On each trial subjects maintained fixation and indicated with a button press the perceived orientation of a Gabor pattern that was presented for 27 ms (static stimulus condition) or gradually increasing in contrast (reaction time experiment). For coarse orientation discrimination, subjects indicated whether the Gabor patterns appeared to be vertical or horizontal. For fine orientation discrimination, subjects indicated whether the Gabor pattern was oriented to the left or right of vertical.

https://doi.org/10.1371/journal.pone.0010354.g001

Experiment 2: Coarse orientation discrimination, multiple locations.

To investigate the distribution of the change in acuity across the visual field over time Gabor gratings were presented with an ascending method of limits procedure in which contrast increased smoothly from zero at an exponential rate. Subjects were instructed to respond as soon as they were able to accurately perceive the orientation of the stimulus. The stimulus was presented sequentially and predictably in nine different locations in the visual field (three ipsilateral to stimulation and six contralateral to stimulation). Five subjects were tested with 1 Hz stimulation over primary visual cortex and the vertex, and a different set of eight subjects was tested with theta-burst stimulation over primary visual cortex and the vertex. We again excluded the results from one subject who was unable to maintain fixation for the duration of the experiment. For comparison, Table 1 describes the main conditions for all three experiments.

Experiment 3: Fine orientation discrimination, single location.

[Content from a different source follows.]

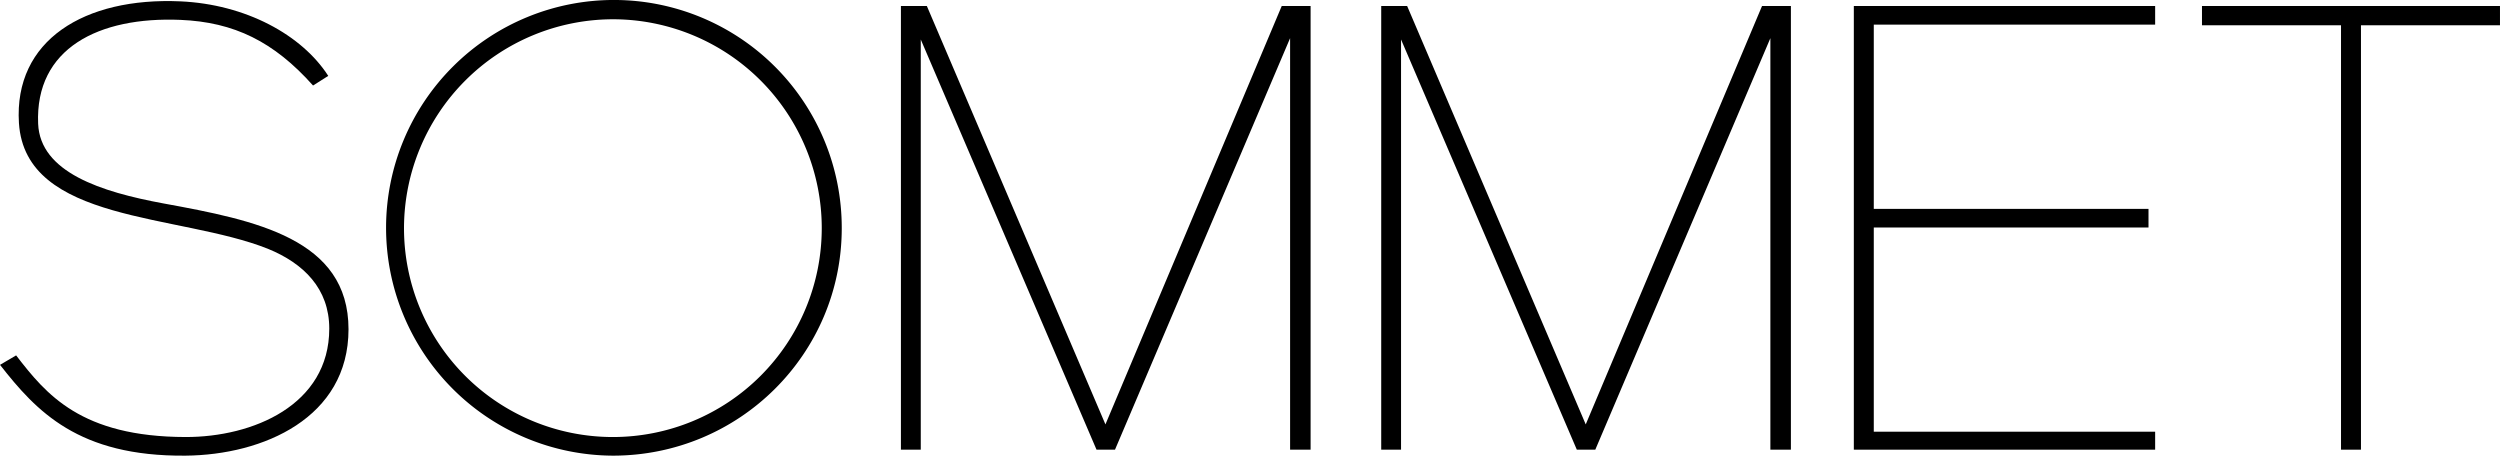 <svg id="Layer_1" data-name="Layer 1" xmlns="http://www.w3.org/2000/svg" viewBox="0 0 1037.69 189.14"><title>logo sommet2</title><polygon points="734.84 15.84 662.17 186.65 654.5 186.65 581.54 16.39 581.54 186.65 573.31 186.65 573.31 2.49 584.07 2.49 658.2 176.16 731.38 2.49 743.36 2.49 743.36 186.65 734.84 186.65 734.84 15.84"/><polygon points="891.79 94.43 777.76 94.43 777.76 179.19 894.55 179.19 894.55 186.65 769.48 186.65 769.48 2.49 894.55 2.49 894.55 10.22 777.76 10.22 777.76 86.7 891.79 86.7 891.79 94.43"/><polygon points="913.99 2.49 913.99 10.49 971.7 10.49 971.7 186.65 979.98 186.65 979.98 10.49 1037.68 10.49 1037.68 2.49 913.99 2.49"/><path d="M7,147.51c12.49,16.19,26.89,33.8,70.34,33.89,27.89.06,59.64-13.25,59.64-45,0-16.57-10.6-27.08-25.51-33.15C74.73,88.62,10.84,92.62,8.17,51.08,6,16.64,35.45-1.19,75.11.56c27.18,1.19,50.5,13.92,61.45,30.94l-6.31,4C114,17.27,97.47,9.17,75.22,8.25,41.3,6.84,14.82,20.05,16.14,51.36c.85,20.14,26,28.28,52.07,33.09,38.28,7,76.76,14.67,76.76,52.22,0,36.72-35.34,52.18-67.65,52.46-44.52.39-61.89-18.41-77-37.69Z" transform="translate(-0.31 0)"/><path d="M349.7,94.71c0,52.18-42.52,94.42-95,94.42a94.57,94.57,0,1,1,95-94.42M168,94.71A86.7,86.7,0,1,0,254.72,8,86.84,86.84,0,0,0,168,94.71" transform="translate(-0.31 0)"/><polygon points="535.49 15.84 462.81 186.65 455.14 186.65 382.19 16.39 382.19 186.65 373.95 186.65 373.95 2.49 384.71 2.49 458.84 176.16 532.02 2.49 544 2.49 544 186.65 535.49 186.65 535.49 15.84"/></svg>

Fine orientation discrimination was tested by presenting the Gabor gratings 6 degrees to the right of fixation for 27 ms oriented either slightly to the left or slightly to the right of vertical. Subjects were given the forced-choice task of indicating whether the grating was tilted to the right or to the left. The size of the tilt was adjusted with a staircase procedure so that individual performance in baseline testing approached 75% correct. The same tilt magnitude was then tested 400 times before and after theta-burst rTMS stimulation. Six subjects were tested with 40-second theta-burst stimulation over primary visual cortex in a darkened room with eyes closed. Vertex stimulation was not tested in this condition.

Data Analysis.

For the experiments with constant stimuli, the average percentage correct in 400 pre-stimulation trials was compared to the average percentage correct for the first 400 post-stimulation trials in the same subjects. Statistical significance was tested with a chi-square test for homogeneity of proportions and maximum p-value of 0.05. Changes in group before versus after stimulation means were tested with repeated measures t-test of the two sets of subject means and maximum p-value of 0.05. For experiments with the ascending method of limits reaction time procedure, z-scores were calculated for each testing location for each subject. Post-stimulation reaction times were calculated as deviations from pre-stimulation mean reaction time divided by pre-stimulation standard deviation performance for each location. All calculations were performed with the SciPy library for Python.

Results

Our goal in these experiments was to characterize the effects of repetitive transcranial magnetic stimulation (rTMS) on performance on various tests of visual perceptual acuity. In particular we were interested in determining how rTMS delivered at different frequencies changed performance on several discrimination tasks and how these changes were distributed in space and time.

Experiment 1: Coarse orientation discrimination, single location

Most neurons in the primary visual cortex (V1) are selective for the orientation of a visual stimulus, and these neurons project to extrastriate cortical areas that are known to be involved in forming perceptual decisions [24]. Thus to the extent that rTMS influences neuronal activity, we might expect the accuracy or speed of decisions about stimulus orientation to be affected by stimulation of V1.

In the first experiment, we examined the effects of rTMS on subjects' ability to report the orientation of a briefly presented stimulus. The stimulus was a small Gabor patch presented 6° to one side of the fixation point. The orientation of the Gabor patch could be horizontal or vertical, and it was displayed for 27 ms. Subjects were then required to report the orientation of the stimulus with a button press.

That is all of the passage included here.